### Work to be completed
Whenever the word "roadisde" shows up in a line of the data, copy that line.

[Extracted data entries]
:::
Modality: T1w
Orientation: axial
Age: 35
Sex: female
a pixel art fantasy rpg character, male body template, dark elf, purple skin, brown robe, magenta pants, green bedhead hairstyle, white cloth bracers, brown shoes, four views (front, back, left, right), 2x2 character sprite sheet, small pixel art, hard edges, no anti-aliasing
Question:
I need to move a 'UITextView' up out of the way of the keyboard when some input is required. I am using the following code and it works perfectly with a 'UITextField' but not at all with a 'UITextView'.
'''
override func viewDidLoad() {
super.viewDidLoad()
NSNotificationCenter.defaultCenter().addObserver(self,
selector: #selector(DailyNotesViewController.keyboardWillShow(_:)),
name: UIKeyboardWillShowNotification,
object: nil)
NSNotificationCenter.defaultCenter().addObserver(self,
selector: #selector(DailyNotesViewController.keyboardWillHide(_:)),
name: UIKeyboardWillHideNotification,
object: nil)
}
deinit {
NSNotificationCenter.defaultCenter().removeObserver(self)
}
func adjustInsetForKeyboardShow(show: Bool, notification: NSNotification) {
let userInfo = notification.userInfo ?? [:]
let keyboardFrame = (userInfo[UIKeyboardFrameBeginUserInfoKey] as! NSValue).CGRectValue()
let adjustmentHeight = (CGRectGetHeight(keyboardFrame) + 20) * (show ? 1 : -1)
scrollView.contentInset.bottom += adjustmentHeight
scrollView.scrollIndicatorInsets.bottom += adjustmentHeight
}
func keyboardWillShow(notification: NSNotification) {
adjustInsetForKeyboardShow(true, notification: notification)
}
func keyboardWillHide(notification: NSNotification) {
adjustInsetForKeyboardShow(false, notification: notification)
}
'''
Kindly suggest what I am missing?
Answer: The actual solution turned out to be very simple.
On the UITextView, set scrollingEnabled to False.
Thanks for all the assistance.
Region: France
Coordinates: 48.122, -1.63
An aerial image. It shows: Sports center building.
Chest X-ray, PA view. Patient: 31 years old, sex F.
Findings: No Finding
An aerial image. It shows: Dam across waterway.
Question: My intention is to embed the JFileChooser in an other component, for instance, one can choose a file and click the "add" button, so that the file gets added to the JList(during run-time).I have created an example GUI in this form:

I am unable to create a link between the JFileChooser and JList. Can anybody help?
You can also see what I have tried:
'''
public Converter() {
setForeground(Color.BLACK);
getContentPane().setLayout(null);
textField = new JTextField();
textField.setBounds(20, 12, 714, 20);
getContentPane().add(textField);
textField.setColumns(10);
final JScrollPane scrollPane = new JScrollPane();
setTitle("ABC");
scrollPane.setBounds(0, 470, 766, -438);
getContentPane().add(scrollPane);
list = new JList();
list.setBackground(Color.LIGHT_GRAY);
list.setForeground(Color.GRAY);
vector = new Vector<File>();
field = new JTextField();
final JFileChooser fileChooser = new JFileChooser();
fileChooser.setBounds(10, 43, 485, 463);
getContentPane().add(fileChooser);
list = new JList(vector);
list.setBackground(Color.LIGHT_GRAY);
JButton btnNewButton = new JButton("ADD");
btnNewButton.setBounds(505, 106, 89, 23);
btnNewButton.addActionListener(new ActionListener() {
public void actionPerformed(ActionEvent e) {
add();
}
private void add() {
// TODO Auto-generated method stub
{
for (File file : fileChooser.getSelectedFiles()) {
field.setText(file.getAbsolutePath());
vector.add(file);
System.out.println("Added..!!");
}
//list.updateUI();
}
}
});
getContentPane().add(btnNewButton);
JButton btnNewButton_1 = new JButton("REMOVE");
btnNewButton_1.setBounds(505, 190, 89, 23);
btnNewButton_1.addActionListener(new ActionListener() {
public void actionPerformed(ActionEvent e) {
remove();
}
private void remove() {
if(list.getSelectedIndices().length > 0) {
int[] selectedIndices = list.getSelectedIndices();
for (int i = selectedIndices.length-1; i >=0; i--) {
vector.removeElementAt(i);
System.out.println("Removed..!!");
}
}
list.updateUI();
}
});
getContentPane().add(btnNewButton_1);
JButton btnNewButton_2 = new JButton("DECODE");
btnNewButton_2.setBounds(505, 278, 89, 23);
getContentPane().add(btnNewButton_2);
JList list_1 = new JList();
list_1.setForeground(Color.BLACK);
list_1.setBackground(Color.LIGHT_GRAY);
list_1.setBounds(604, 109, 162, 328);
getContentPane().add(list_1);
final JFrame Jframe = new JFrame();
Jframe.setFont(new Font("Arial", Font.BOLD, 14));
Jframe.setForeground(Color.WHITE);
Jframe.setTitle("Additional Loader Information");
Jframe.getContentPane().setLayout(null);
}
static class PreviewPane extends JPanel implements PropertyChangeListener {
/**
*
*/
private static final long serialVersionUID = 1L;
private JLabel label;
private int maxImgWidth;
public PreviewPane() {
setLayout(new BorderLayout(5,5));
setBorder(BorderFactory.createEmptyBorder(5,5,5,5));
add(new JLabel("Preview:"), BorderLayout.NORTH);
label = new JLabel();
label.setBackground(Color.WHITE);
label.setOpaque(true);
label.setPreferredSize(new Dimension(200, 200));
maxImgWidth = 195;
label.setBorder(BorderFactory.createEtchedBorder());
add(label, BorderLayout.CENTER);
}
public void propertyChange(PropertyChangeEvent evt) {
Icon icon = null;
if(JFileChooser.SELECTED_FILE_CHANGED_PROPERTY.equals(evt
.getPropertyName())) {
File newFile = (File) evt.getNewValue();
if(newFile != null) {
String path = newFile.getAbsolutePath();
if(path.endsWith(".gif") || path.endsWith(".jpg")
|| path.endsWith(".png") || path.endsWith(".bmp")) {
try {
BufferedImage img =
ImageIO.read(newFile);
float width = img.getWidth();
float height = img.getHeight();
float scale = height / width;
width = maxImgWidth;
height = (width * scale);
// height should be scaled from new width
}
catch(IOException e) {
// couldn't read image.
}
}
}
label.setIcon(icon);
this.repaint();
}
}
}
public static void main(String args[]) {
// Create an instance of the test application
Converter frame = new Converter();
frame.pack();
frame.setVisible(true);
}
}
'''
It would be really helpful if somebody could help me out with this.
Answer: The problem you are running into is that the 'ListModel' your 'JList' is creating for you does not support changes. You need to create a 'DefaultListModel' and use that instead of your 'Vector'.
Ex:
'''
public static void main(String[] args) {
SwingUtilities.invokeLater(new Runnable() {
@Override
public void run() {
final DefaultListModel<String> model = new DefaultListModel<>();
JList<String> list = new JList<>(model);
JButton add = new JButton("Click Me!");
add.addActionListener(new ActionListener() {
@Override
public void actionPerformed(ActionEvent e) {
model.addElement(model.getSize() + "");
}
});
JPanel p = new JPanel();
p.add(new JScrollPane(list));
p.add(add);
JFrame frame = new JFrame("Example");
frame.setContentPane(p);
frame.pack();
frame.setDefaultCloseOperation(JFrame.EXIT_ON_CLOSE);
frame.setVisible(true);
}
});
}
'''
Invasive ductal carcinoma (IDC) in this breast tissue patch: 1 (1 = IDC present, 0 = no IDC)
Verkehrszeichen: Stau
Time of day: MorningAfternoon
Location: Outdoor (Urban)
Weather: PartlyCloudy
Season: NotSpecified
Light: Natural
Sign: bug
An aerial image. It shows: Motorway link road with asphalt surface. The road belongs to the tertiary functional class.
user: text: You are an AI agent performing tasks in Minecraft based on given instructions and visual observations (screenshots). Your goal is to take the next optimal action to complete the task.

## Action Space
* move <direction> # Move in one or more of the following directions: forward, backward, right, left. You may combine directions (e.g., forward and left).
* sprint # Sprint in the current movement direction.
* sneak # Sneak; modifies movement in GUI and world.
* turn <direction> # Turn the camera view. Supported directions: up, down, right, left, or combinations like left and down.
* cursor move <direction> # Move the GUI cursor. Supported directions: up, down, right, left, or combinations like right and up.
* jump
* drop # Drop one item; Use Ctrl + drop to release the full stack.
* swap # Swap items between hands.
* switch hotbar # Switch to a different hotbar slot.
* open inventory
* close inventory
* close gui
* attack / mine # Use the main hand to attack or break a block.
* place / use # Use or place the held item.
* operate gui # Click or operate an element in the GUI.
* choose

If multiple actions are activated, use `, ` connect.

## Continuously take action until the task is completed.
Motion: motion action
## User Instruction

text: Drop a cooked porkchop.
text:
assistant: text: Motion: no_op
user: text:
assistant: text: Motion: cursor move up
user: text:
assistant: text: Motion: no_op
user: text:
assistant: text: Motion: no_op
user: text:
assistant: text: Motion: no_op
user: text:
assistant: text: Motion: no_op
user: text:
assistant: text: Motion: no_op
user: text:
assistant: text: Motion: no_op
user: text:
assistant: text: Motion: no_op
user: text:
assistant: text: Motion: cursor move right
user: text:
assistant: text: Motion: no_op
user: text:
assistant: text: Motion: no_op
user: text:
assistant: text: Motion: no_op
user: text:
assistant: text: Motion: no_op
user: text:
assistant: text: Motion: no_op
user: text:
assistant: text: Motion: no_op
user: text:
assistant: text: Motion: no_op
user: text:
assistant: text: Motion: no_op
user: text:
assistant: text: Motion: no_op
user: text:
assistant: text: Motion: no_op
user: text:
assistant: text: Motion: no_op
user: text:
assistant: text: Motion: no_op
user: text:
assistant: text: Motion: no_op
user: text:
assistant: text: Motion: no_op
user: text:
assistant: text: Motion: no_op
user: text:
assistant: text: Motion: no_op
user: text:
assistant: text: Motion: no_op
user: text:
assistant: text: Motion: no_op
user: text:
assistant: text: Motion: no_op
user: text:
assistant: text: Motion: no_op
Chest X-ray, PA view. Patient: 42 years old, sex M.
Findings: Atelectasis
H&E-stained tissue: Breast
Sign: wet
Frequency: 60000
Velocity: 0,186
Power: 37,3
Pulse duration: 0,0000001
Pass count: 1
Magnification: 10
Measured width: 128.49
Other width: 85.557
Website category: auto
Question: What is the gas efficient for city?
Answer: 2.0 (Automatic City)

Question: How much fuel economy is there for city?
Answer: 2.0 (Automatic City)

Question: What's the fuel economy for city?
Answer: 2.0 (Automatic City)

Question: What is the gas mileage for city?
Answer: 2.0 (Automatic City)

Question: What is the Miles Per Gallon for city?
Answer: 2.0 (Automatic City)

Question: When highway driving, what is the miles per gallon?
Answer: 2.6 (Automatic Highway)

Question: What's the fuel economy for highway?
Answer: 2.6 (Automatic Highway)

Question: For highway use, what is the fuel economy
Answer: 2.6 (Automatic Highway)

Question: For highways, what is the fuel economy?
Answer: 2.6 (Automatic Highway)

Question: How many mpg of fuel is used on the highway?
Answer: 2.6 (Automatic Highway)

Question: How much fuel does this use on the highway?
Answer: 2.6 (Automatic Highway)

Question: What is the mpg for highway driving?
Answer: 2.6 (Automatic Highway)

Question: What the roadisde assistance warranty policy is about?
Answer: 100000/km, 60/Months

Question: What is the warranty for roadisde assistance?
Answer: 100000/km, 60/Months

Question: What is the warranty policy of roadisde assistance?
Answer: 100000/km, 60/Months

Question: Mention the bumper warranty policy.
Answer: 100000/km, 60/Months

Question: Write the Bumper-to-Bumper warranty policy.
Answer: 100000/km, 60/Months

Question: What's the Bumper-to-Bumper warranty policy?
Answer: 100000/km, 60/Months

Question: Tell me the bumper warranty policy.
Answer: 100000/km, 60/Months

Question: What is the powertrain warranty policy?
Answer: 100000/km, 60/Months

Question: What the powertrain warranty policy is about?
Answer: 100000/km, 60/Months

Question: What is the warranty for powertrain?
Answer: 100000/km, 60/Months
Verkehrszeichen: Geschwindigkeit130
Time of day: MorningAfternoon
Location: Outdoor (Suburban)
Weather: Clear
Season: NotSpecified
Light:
:::
### Response
Question: What the roadisde assistance warranty policy is about?
Question: What is the warranty for roadisde assistance?
Question: What is the warranty policy of roadisde assistance?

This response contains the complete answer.